295) Al medesimo disse volersi confessare da lui, perché se per avventura ridirebbe  e suoi peccati, e’ non sarebbero creduti.

300) Al tempo che gl’animali favellavano, si solevano anchora confessare. Hora confessandosi l’asino dell’arte sua, cioè del toppa la chiave, era molto ripreso dal confessore, il quale gli mostrava quanto fussero aspre le pene dell’inferno; e mostrava la gloria del paradiso quanto fusse grande, annoverando molte parti. Dimandò l’asino se in paradiso si chiavasse. Inteso che non, disse: Et io ne voglio innanzi ire per l’inferno.

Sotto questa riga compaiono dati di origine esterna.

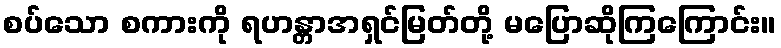
စပ်သော စကားကို ရဟန္တာအရှင်မြတ်တို့ မပြောဆိုကြကြောင်း။
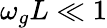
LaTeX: \omega_{g}L\ll 1
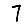
Digit: 7
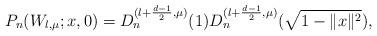
LaTeX: \begin{align*}P_n(W_{\l,\mu}; x, 0) = D_n^{(\l+\frac{d-1}{2},\mu)} (1)D_n^{(\l+\frac{d-1}{2},\mu)} (\sqrt{1-\|x\|^2}),\end{align*}
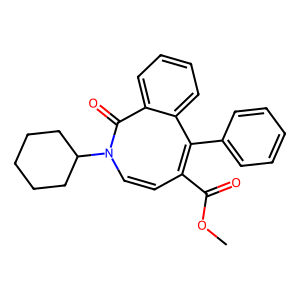
SMILES: COC(=O)C1=C(c2ccccc2)c2ccccc2C(=O)N(C2CCCCC2)C=C1
Inhibits HIV replication: No
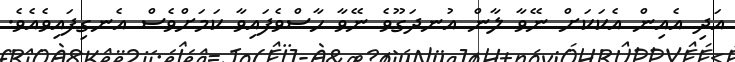
އަދި އެއިން އެކަކަށް ނޭވާ ލާން އުނދަގޫވެ ނޭވާ ހާސްވެފައިވާ ކަމަށްވެސް އެނގިފައިވެއެވެ.
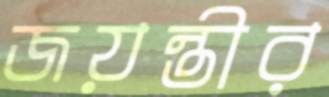
জয়ন্তীর
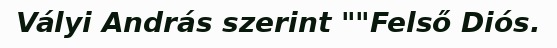
Vályi András szerint ""Felső Diós.
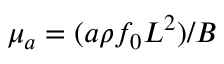
\mu _ { a } = ( a \rho f _ { 0 } L ^ { 2 } ) / B
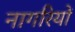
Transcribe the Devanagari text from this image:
नागरियों
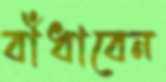
বাঁধাবেন
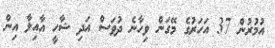
އުމުރުން 37 އަހަރުގެ މޭގަން ވިހާނެ ދުވަސް އަދި ޝާހީ އާއިލާ އިން
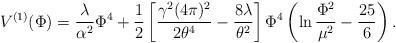
LaTeX: \begin{align*}V^{(1)} (\Phi) = \frac{\lambda}{\alpha^2} \Phi^4 +\frac{1}{2}\left[ \frac{\gamma^2 (4 \pi )^2}{2 \theta^4} -\frac{8\lambda}{\theta^2} \right] \Phi^4 \left( \ln\frac{\Phi^2}{\mu^2} -\frac{25}{6} \right).\end{align*}
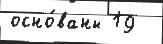
осно́ваны 19
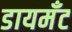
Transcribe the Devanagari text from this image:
डायमॅंट
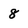
Character: 8
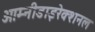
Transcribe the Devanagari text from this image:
ओम्नीडाइरेक्शनल
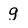
Character: g
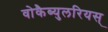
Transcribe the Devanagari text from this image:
वोकैब्युलरियस्
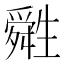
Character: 𤯷
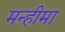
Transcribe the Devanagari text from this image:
मन्हीमा
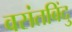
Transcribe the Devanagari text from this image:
वसंतबिंदु
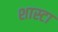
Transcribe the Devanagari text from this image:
शास्टा
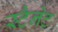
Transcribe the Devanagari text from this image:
स्टैनेट
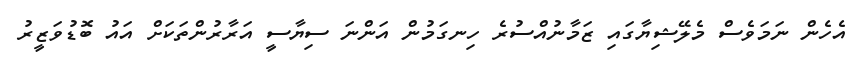
އެހެން ނަމަވެސް މެލޭޝިޔާގައި ޒަމާނުއްސުރެ ހިނގަމުން އަންނަ ސިޔާސީ އަރާރުންތަކަށް އައު ބޮޑުވަޒީރު
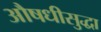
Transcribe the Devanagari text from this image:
औषधीसुद्धा
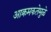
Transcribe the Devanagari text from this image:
आक्रमकतेमुळे
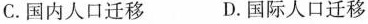
C.国内人口迁移 D.国际人口迁移
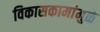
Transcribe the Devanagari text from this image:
विकासकामांमुळे
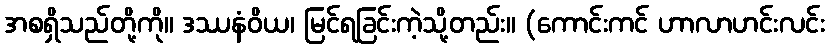
အစရှိသည်တို့ကို။ ဒဿနံဝိယ၊ မြင်ရခြင်းကဲ့သို့တည်း။ (ကောင်းကင် ဟာလာဟင်းလင်း
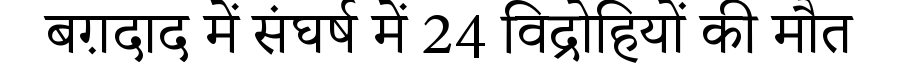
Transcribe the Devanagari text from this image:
बग़दाद में संघर्ष में 24 विद्रोहियों की मौत
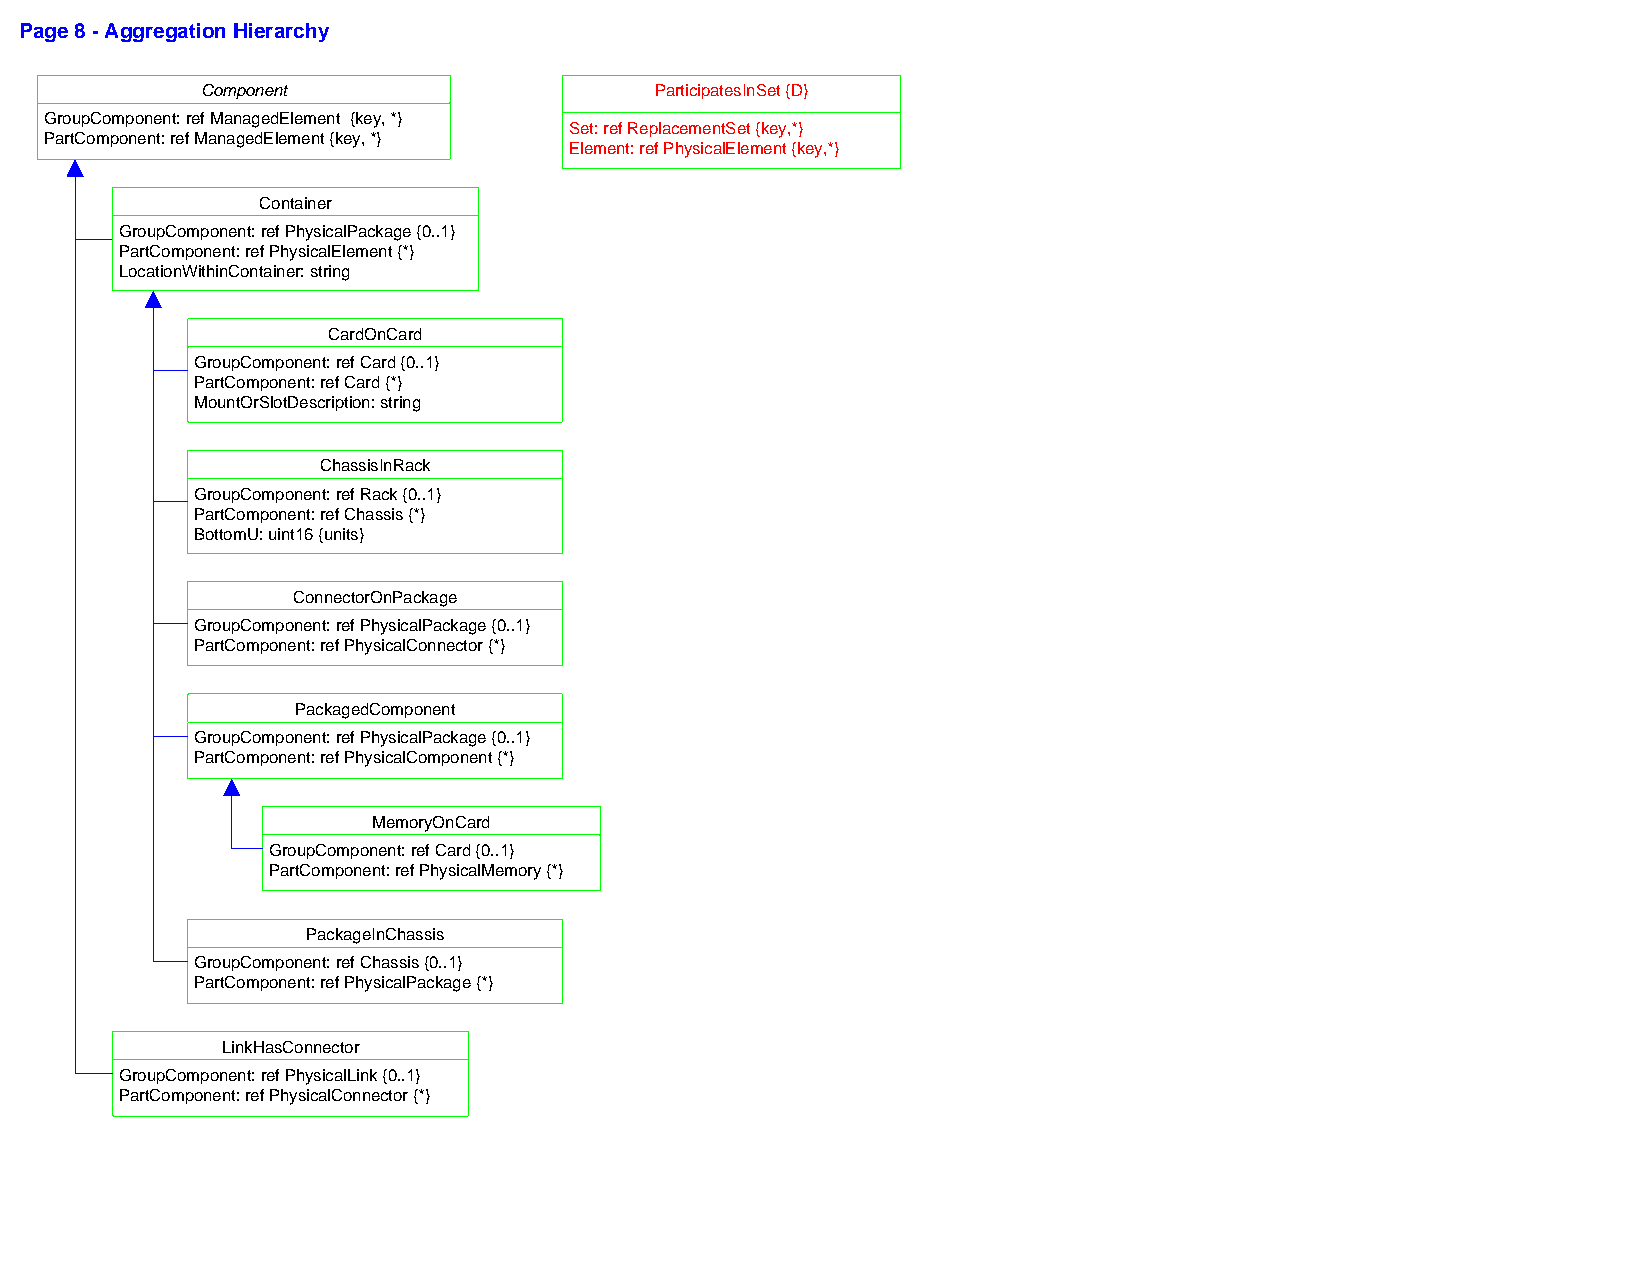
Page 8 - Aggregation Hierarchy
 Component                     ParticipatesInSet {D}
 GroupComponent: ref ManagedElement {key, *}
 Set: ref ReplacementSet {key,*}
 PartComponent: ref ManagedElement {key, *}
 Element: ref PhysicalElement {key,*}
 Container
 GroupComponent: ref PhysicalPackage {0..1}
 PartComponent: ref PhysicalElement {*}
 LocationWithinContainer: string
 CardOnCard
 GroupComponent: ref Card {0..1}
 PartComponent: ref Card {*}
 MountOrSlotDescription: string
 ChassisInRack
 GroupComponent: ref Rack {0..1}
 PartComponent: ref Chassis {*}
 BottomU: uint16 {units}
 ConnectorOnPackage
 GroupComponent: ref PhysicalPackage {0..1}
 PartComponent: ref PhysicalConnector {*}
 PackagedComponent
 GroupComponent: ref PhysicalPackage {0..1}
 PartComponent: ref PhysicalComponent {*}
 MemoryOnCard
 GroupComponent: ref Card {0..1}
 PartComponent: ref PhysicalMemory {*}
 PackageInChassis
 GroupComponent: ref Chassis {0..1}
 PartComponent: ref PhysicalPackage {*}
 LinkHasConnector
 GroupComponent: ref PhysicalLink {0..1}
 PartComponent: ref PhysicalConnector {*}
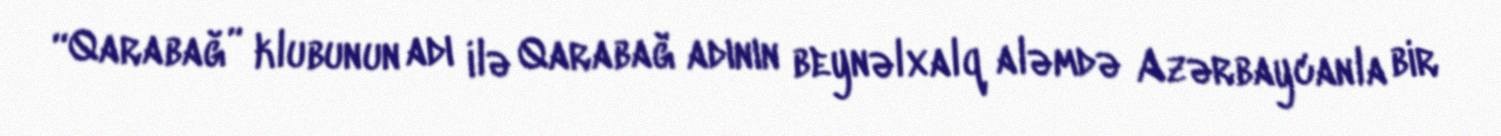
“Qarabağ” klubunun adı ilə Qarabağ adının beynəlxalq aləmdə Azərbaycanla bir
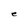
Character: e
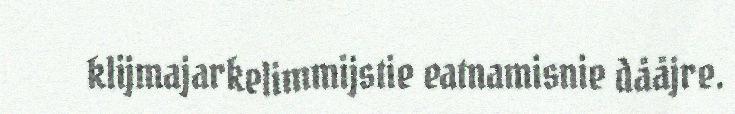
klijmajarkelimmijstie eatnamisnie dååjre.
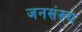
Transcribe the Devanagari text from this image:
जनसंख्य
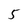
Character: 5
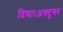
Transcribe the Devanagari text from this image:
दिया।अक्टूबर
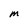
Character: M
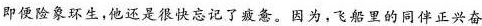
即便险象环生，他还是很快忘记了疲惫。因为，飞船里的同伴正兴奋
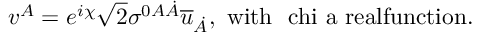
v ^ { A } = e ^ { i \chi } \sqrt { 2 } \sigma ^ { 0 A \dot { A } } \overline { { { u } } } _ { \dot { A } } , \ \mathrm { w i t h ~ \ c h i ~ a ~ r e a l f u n c t i o n . }
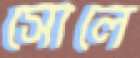
সোলে
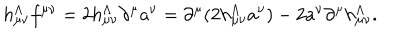
h _ { \mu \nu } ^ { \Lambda } f { } ^ { \mu \nu } = 2 h _ { \mu \nu } ^ { \Lambda } \partial ^ { \mu } a ^ { \nu } = \partial ^ { \mu } ( 2 h _ { \mu \nu } ^ { \Lambda } a ^ { \nu } ) - 2 a ^ { \nu } \partial ^ { \mu } h _ { \mu \nu } ^ { \Lambda } .
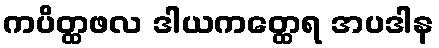
ကပိတ္ထဖလ ဒါယကတ္ထေရ အပဒါန
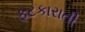
ફટકારાતી
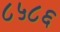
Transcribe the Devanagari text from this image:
८५८६
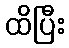
ထိပြီး
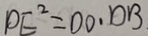
D E ^ { 2 } = D O \cdot D B
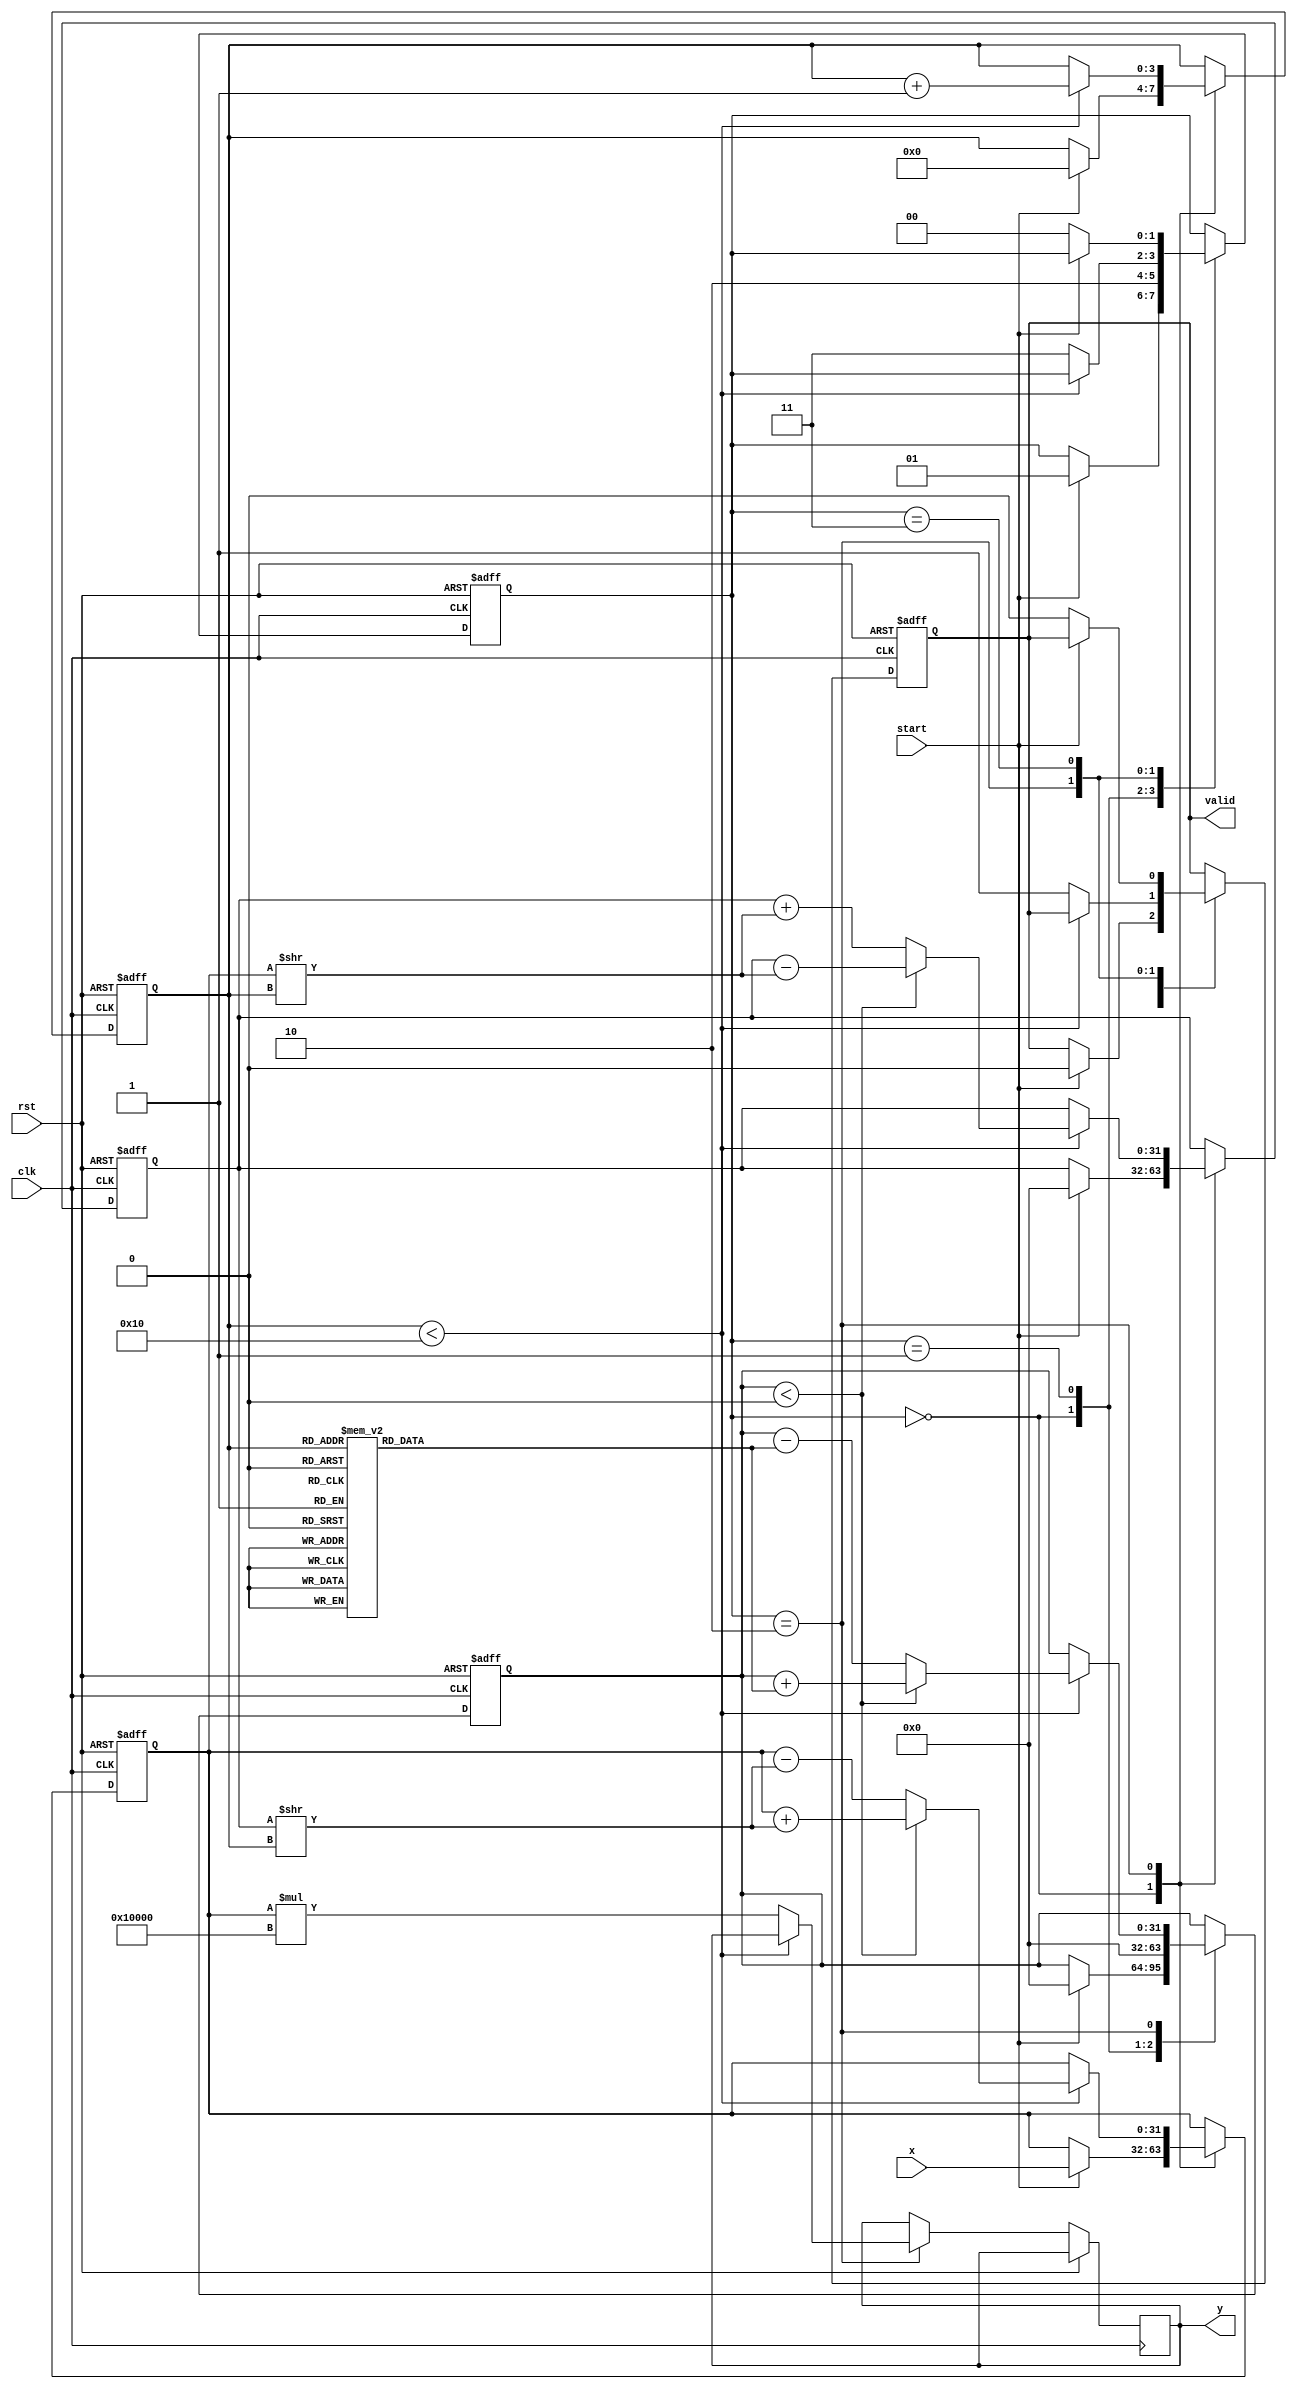
module CORDIC_Reciprocal (
    input wire clk,
    input wire rst,
    input wire [31:0] x, // Input data (0 < x < 1)
    input wire start,
    output reg [31:0] y, // Reciprocal output
    output reg valid // Output valid signal
);

    // Parameters for CORDIC
    parameter NUM_ITERATIONS = 16; // Number of iterations
    parameter FIXED_POINT_SCALE = 32'h00010000; // Scale factor for fixed-point representation

    // CORDIC angles (in fixed-point representation)
    reg [31:0] angles [0:NUM_ITERATIONS-1];
    initial begin
        angles[0] = 32'h00000000; // atan(2^0)
        angles[1] = 32'h00000000; // atan(2^-1)
        angles[2] = 32'h00000000; // atan(2^-2)
        angles[3] = 32'h00000000; // atan(2^-3)
        angles[4] = 32'h00000000; // atan(2^-4)
        angles[5] = 32'h00000000; // atan(2^-5)
        angles[6] = 32'h00000000; // atan(2^-6)
        angles[7] = 32'h00000000; // atan(2^-7)
        angles[8] = 32'h00000000; // atan(2^-8)
        angles[9] = 32'h00000000; // atan(2^-9)
        angles[10] = 32'h00000000; // atan(2^-10)
        angles[11] = 32'h00000000; // atan(2^-11)
        angles[12] = 32'h00000000; // atan(2^-12)
        angles[13] = 32'h00000000; // atan(2^-13)
        angles[14] = 32'h00000000; // atan(2^-14)
        angles[15] = 32'h00000000; // atan(2^-15)
    end

    // Internal registers
    reg [31:0] x_reg, y_reg, z_reg;
    reg [3:0] iteration;
    reg [1:0] state; // FSM states

    // FSM States
    localparam IDLE = 2'b00;
    localparam INIT = 2'b01;
    localparam CALC = 2'b10;
    localparam DONE = 2'b11;

    // Sequential Logic
    always @(posedge clk or posedge rst) begin
        if (rst) begin
            state <= IDLE;
            valid <= 0;
            iteration <= 0;
            x_reg <= 0;
            y_reg <= 0;
            z_reg <= 0;
        end else begin
            case (state)
                IDLE: begin
                    if (start) begin
                        // Initialize inputs
                        x_reg <= x;
                        y_reg <= 0; // Initial y is 0
                        z_reg <= 0; // Initial angle is 0
                        iteration <= 0;
                        valid <= 0;
                        state <= INIT;
                    end
                end

                INIT: begin
                    // Initialize for calculations
                    z_reg <= 32'h00000000; // Initial angle (0)
                    state <= CALC;
                end

                CALC: begin
                    if (iteration < NUM_ITERATIONS) begin
                        // CORDIC rotation
                        if (z_reg < 0) begin
                            // Perform rotation counter-clockwise
                            x_reg <= x_reg + (y_reg >> iteration);
                            y_reg <= y_reg - (x_reg >> iteration);
                            z_reg <= z_reg + angles[iteration];
                        end else begin
                            // Perform rotation clockwise
                            x_reg <= x_reg - (y_reg >> iteration);
                            y_reg <= y_reg + (x_reg >> iteration);
                            z_reg <= z_reg - angles[iteration];
                        end
                        iteration <= iteration + 1;
                    end else begin
                        // Finalize output
                        y <= x_reg * FIXED_POINT_SCALE; // Scale the output
                        valid <= 1;
                        state <= DONE;
                    end
                end

                DONE: begin
                    // Wait for next start signal
                    if (!start) begin
                        state <= IDLE;
                        valid <= 0;
                    end
                end
            endcase
        end
    end
endmodule

363) Un Maestro Agnolo Barbini a una donna che lattava il bambino disse quasi per dispetto. Per certo, voi donne havete da Dio più bella gratia che voi non meritate, e, dimandato perché, disse: Perché se vi havesse fatte le poppe tra le gambe come a l’altre bestie, per certo voi eravate una schifa cosa a vedervi lattare.

364) Iacopo Morelli vecchio haveva la moglie giovane, e non facendo il suo bisogno, ella lo trascinava, ma tutto in vano: fesselo montare a dosso, non veniva a dire nulla; montò ella i sopra, il medesimo. Disse all’hora Iacopo: Giovane sciocca, e’ non può ire alla china, e tu vuoi che è vada all’erta?

367) Non è per l’amor di Dio, ma perché tu n’hai bisogno. Questo disse Donatello a un povero che gli chiedeva limosina per amor di Dio.

377) Essendo Giuliano de’ Medici picciol fanciullo, gli fu detto, mentre era alla guarispensa, che Papa Pio passava, et egli rispose: E’ si passi; io vuo’ cacare. E questo anchora è già in proverbio.

Nota: Giuliano de’ Medici, fratello di Lorenzo, guardispensa = gabinetto, licite.

384)     Assai gran pericoli si vincono per disperazione.
       
            Tu fai come colui che si tagliò e coglioni per dispetto della moglie.
       
            La moglie di Zaffo haveva prima pisciato, che fusse alzata.
      
            Chi la giustitia impedisce, di giustitia perisce.

387) Una donna, in assentia del marito trovandosi con un suo brigante, venne a patto di non manomettere se non monte ritondo, e, provatasi, disse: Hora faremo così, fin che torni.

Nota: Monte Ritondo = scrive Leandro Alberti nella Descrittione di tutta l’Italia, 1550, “ monte Ritondo de’ senesi. In questo paese ritrovasi in una selva una spelonca molto profonda…qui il vocabolo è usato allegoricamente per indicare il buco del culo.

394)  A uno inefficace usa M. Marsilio questo motto: Tu fai come il porco che tutto dì mena la            coda, e mai non l’annoda.
           
            La donna di buona razza fa sempre la prima figliata femina.

Nota: inefficace = persona che s’affatica inutilmente.

398)    A chi ha voglia di bere non giova lo sputare.

400)Il freno indorato non migliora cavallo.

           Quando la donna folleggia, la fante danneggia.

           L’huomo vitiato non s’accosta a lumiera.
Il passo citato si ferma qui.